Ben has forgotten how sounds are formed.
It’s something to do with waves.
If a tree falls in an empty forest,
it doesn’t make a sound,
it makes waves,
and it requires ears for the waves to become sounds,
what no one thinks about is that
the animal experience is the key difference
between sound and mere oscillation.
Ben is experiencing Paul Brahms, master manipulator, expound on his nefarious career, and he thinks a tree falling on him would probably feel similar.
“I recognized your father at the bar where I’d stopped to have one drink before heading home to my daughter with enough groceries for two more days.” Paul’s voice could save the polar ice caps. “Jackson liked dives, always did.

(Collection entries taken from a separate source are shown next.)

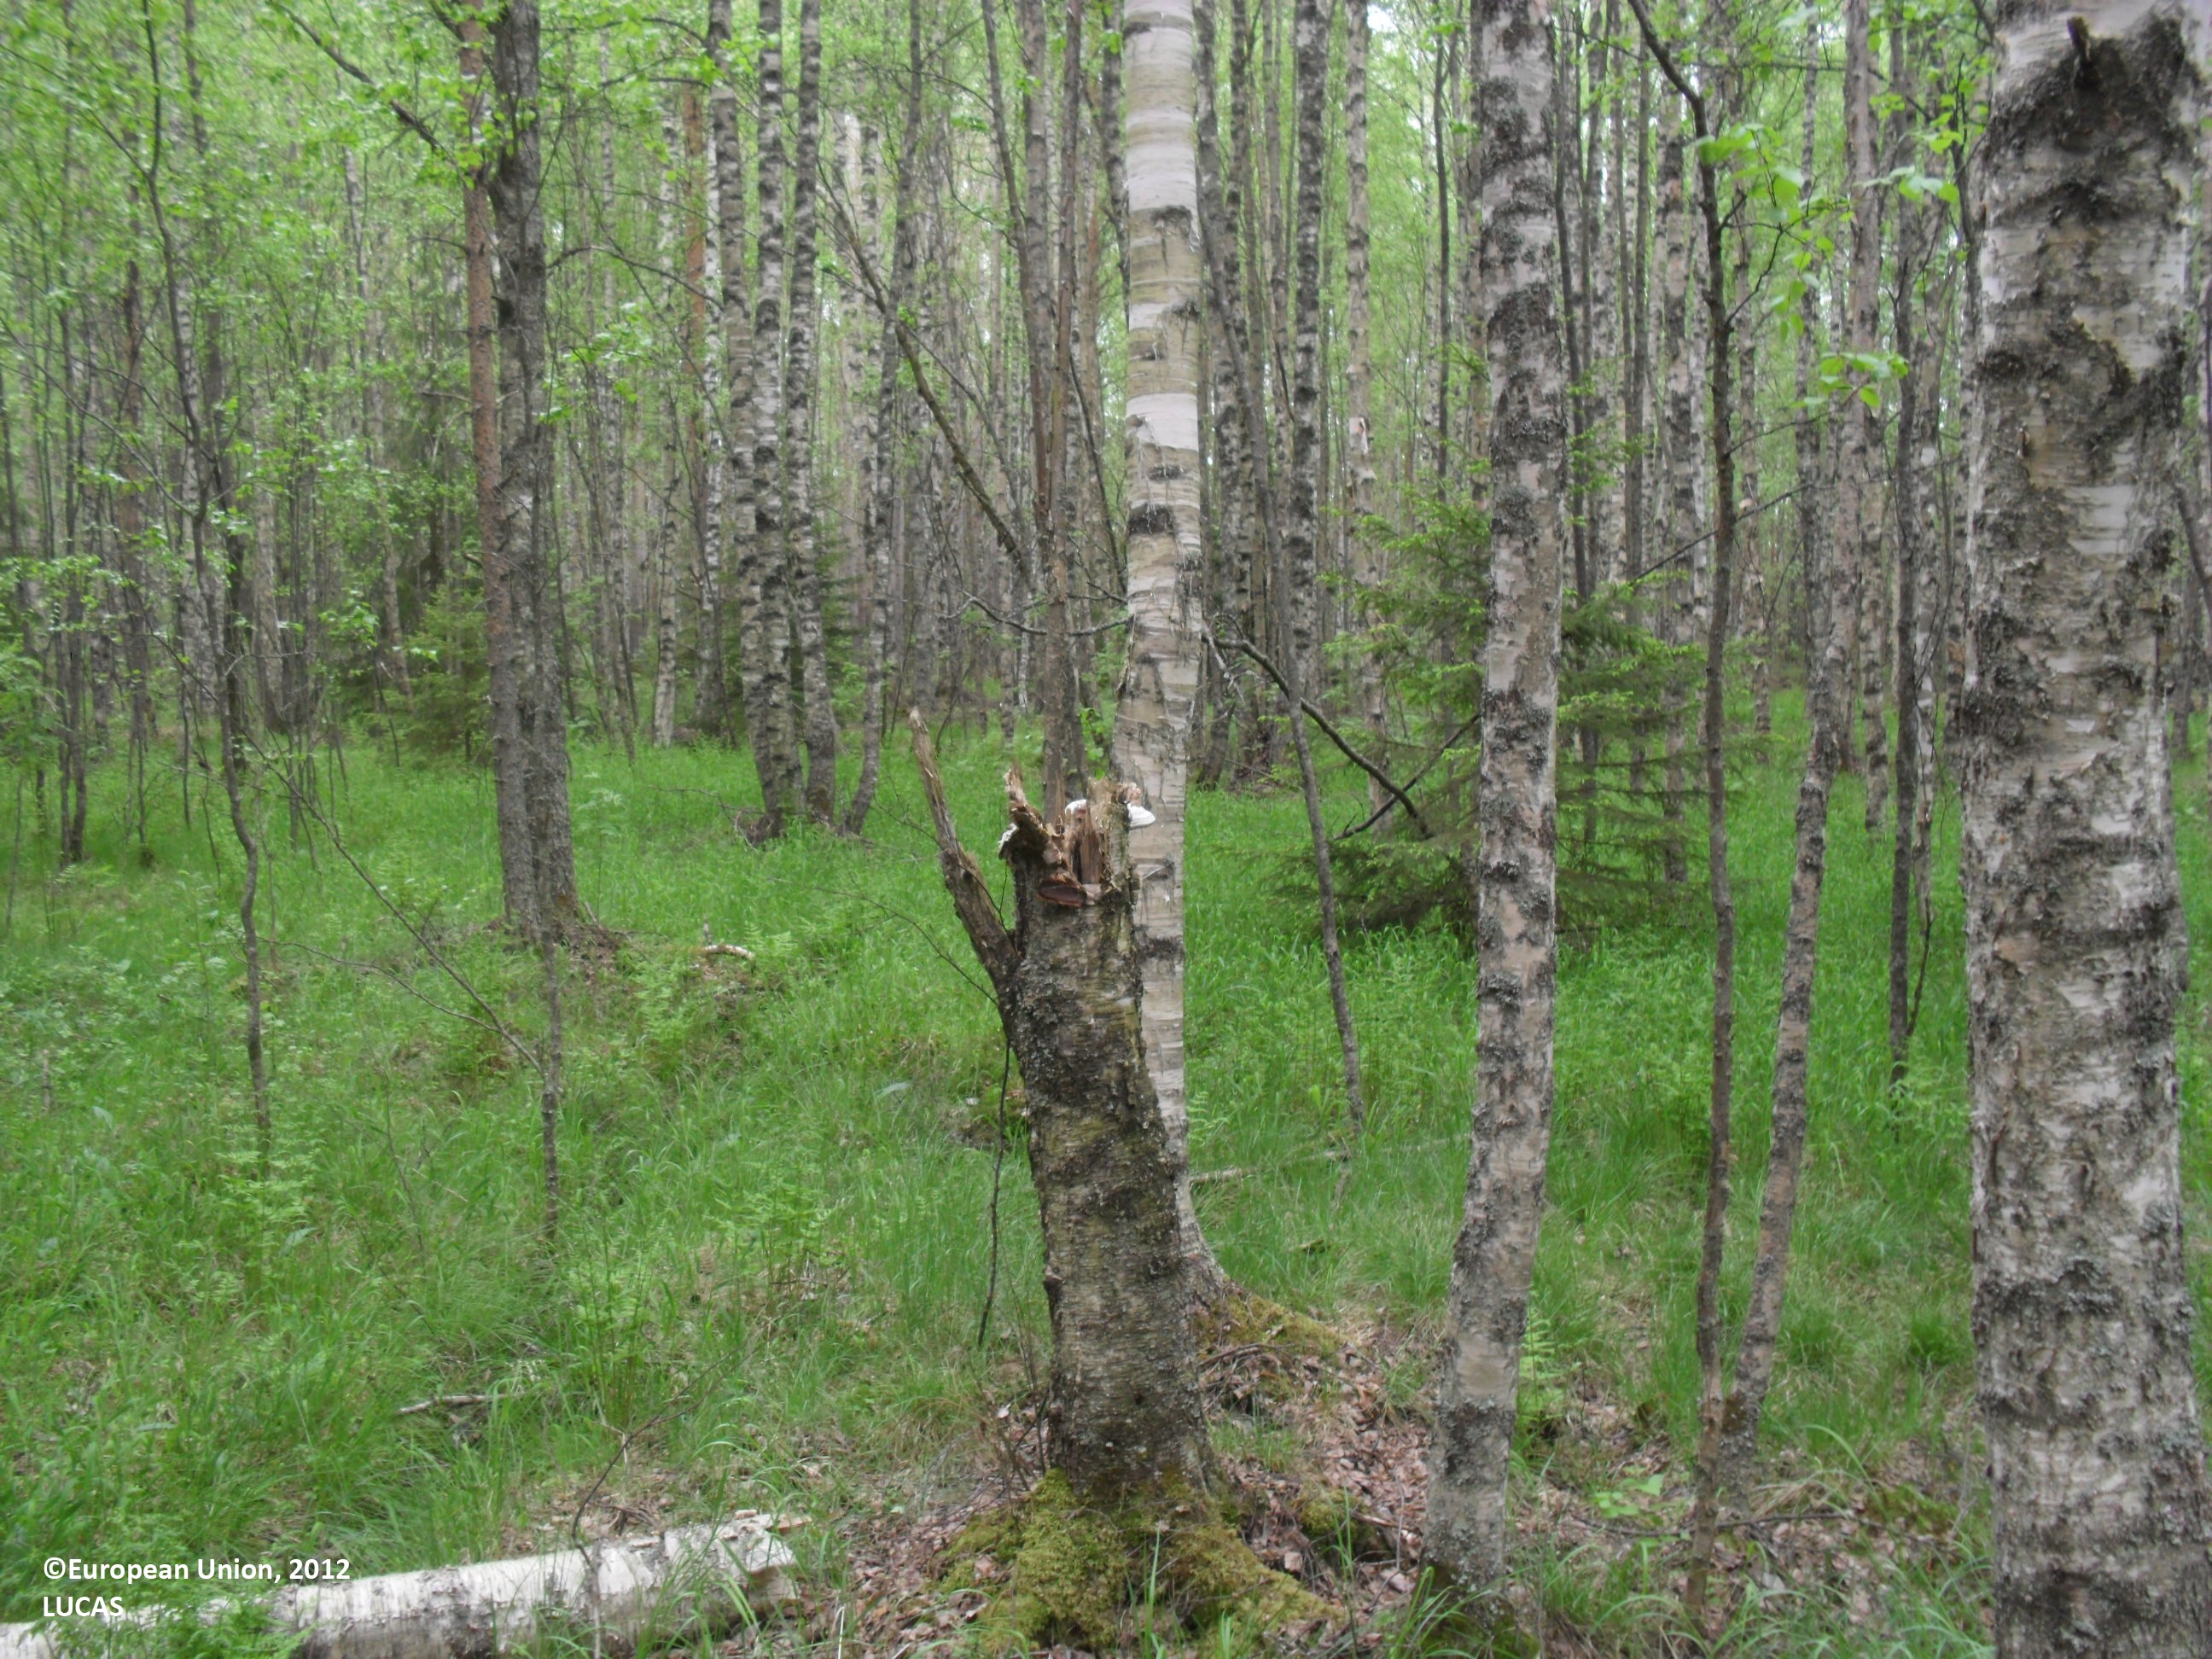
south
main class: Woodland
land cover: Other mixed woodland
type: boreal forest
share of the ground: 50 - 75 %
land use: Forestry
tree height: > 5 m
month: June
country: FI
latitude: 62.9112
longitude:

The worse the neon flickered and the more cleavage the staff showed, the better, even in a five-thousand-dollar suit. You could practically smell it on him too—part of the reason none of the stage elites around here ever gave him the time of day. When he finished his beer, I followed him. I had management experience, did theatre in college—I thought I could beg for an usher job, anything. Jackson getting mugged in that alley was the turning point of my life.”
“You were telling the truth all those times,” Ben breathes. “That, that crap about not controlling your feet. You saved Dad because he was influential and you were desperate. If he’d just been some random—”
“I’d have called the cops.” Paul checks his wristwatch. “From four or five blocks away, probably. But since the victim was your father, I couldn’t leap into that crack between walls fast enough. It worked, too.”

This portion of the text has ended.